Costa Rican swimmer (born 1970)

Sylvia Úrsula Poll Ahrens (born September 24, 1970 in Managua, Nicaragua) is an Olympic medalist and a national record holding swimmer from Costa Rica. At the 1988 Olympics, she won Costa Rica's first Olympic medal, when she garnered the silver in the women's 200 free. As of 2025, she and her younger sister Claudia are Costa Rica's only Olympic medalists. Sylvia also swam for Costa Rica at the 1992 Summer Olympics.

She also won a total number of 8 medals at the 1987 Pan American Games; and 2 of her times from those Games still stand as Costa Rican Records in 2009 (100 free and 100 back).

Poll was born in Managua, Nicaragua.
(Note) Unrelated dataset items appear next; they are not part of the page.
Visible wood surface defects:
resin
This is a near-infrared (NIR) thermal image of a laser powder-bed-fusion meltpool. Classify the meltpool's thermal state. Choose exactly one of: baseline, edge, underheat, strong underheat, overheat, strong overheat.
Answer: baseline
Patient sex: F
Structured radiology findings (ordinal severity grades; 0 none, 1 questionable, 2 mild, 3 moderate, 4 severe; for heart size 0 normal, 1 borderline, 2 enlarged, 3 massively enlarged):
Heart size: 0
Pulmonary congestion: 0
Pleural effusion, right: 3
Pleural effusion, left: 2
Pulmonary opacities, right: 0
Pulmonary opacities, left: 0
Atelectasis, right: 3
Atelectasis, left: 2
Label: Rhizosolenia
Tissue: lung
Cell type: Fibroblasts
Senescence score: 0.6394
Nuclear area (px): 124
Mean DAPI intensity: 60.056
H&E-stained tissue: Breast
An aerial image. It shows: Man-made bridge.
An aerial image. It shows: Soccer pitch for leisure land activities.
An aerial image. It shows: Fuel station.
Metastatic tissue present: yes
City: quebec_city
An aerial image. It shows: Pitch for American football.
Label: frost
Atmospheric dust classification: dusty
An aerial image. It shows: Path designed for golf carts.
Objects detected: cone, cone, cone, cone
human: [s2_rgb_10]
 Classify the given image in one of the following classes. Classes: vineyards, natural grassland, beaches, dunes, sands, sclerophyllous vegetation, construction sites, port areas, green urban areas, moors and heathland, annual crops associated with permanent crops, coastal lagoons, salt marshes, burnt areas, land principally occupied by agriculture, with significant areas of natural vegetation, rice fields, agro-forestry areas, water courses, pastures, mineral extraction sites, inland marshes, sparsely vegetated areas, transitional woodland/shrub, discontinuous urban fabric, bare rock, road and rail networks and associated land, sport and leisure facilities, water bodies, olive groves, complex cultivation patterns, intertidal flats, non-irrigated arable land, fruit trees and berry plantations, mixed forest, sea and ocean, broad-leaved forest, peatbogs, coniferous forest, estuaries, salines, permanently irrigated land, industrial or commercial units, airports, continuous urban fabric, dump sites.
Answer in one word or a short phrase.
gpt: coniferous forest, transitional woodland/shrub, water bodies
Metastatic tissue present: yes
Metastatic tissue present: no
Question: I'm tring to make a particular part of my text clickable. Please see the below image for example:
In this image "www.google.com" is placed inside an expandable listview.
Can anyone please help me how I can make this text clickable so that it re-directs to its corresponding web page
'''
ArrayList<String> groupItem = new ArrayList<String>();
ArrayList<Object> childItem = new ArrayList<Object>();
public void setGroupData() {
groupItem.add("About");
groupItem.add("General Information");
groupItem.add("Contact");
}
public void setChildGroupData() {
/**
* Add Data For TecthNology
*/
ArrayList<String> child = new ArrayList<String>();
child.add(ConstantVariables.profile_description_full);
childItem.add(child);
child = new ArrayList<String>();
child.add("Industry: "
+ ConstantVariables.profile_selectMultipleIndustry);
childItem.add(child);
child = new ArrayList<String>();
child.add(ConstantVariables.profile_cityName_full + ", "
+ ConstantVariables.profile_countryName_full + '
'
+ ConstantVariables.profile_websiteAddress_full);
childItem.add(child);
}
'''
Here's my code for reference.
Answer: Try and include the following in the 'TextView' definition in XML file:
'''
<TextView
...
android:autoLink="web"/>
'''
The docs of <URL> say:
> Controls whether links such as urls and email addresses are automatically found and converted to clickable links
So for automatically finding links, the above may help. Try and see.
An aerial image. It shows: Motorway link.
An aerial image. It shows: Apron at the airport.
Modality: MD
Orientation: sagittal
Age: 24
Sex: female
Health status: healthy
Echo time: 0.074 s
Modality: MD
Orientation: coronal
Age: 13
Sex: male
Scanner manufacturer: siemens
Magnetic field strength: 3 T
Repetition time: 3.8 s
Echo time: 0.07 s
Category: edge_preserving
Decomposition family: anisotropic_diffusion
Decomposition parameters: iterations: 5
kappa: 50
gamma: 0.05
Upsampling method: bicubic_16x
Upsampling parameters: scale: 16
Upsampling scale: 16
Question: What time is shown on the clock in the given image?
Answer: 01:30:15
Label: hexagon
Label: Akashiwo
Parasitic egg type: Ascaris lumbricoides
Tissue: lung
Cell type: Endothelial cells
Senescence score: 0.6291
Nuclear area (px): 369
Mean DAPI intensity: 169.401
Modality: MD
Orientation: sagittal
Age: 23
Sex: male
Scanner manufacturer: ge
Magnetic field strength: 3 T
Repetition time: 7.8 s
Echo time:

Her parents were Germans and they settled in Nicaragua where Sylvia and her younger sister Claudia were born. After the 1972 Nicaragua earthquake and rising political tensions, Sylvia's parents decided to move south to Costa Rica only shortly after Claudia's birth. She, her sister Claudia, and their mother are not related to Marlene Ahrens, another Olympic athlete and medalist and another Latin American-born daughter of German settlers.

Sylvia Poll is a famous backstroker and freestyle swimmer for Costa Rica, who won the silver medal in the Swimming at the 1988 Summer Olympics Women's 200 meter freestyle at the 1988 Summer Olympics in Seoul, South Korea. Her silver medal was the first medal ever for a Costa Rican athlete.

At the 1986 Central American and Caribbean Games she set the Games Records in the women's 200 and 400 frees (2:02.80 and 4:17.98). Both records would last 20 years, until her sister Claudia bettered the times at the 2006 Games. Also at the '86 CACs, Silvia set the Games Record in the 100 m and 200 m backstroke (1:04.43, 2:19.32) that also stood until 2006.

Sylvia Poll is now a member of the ‘Champions for Peace’ club, a group of 54 famous elite athletes committed to serving peace in the world through sport, created by Peace and Sport, a Monaco-based international organization.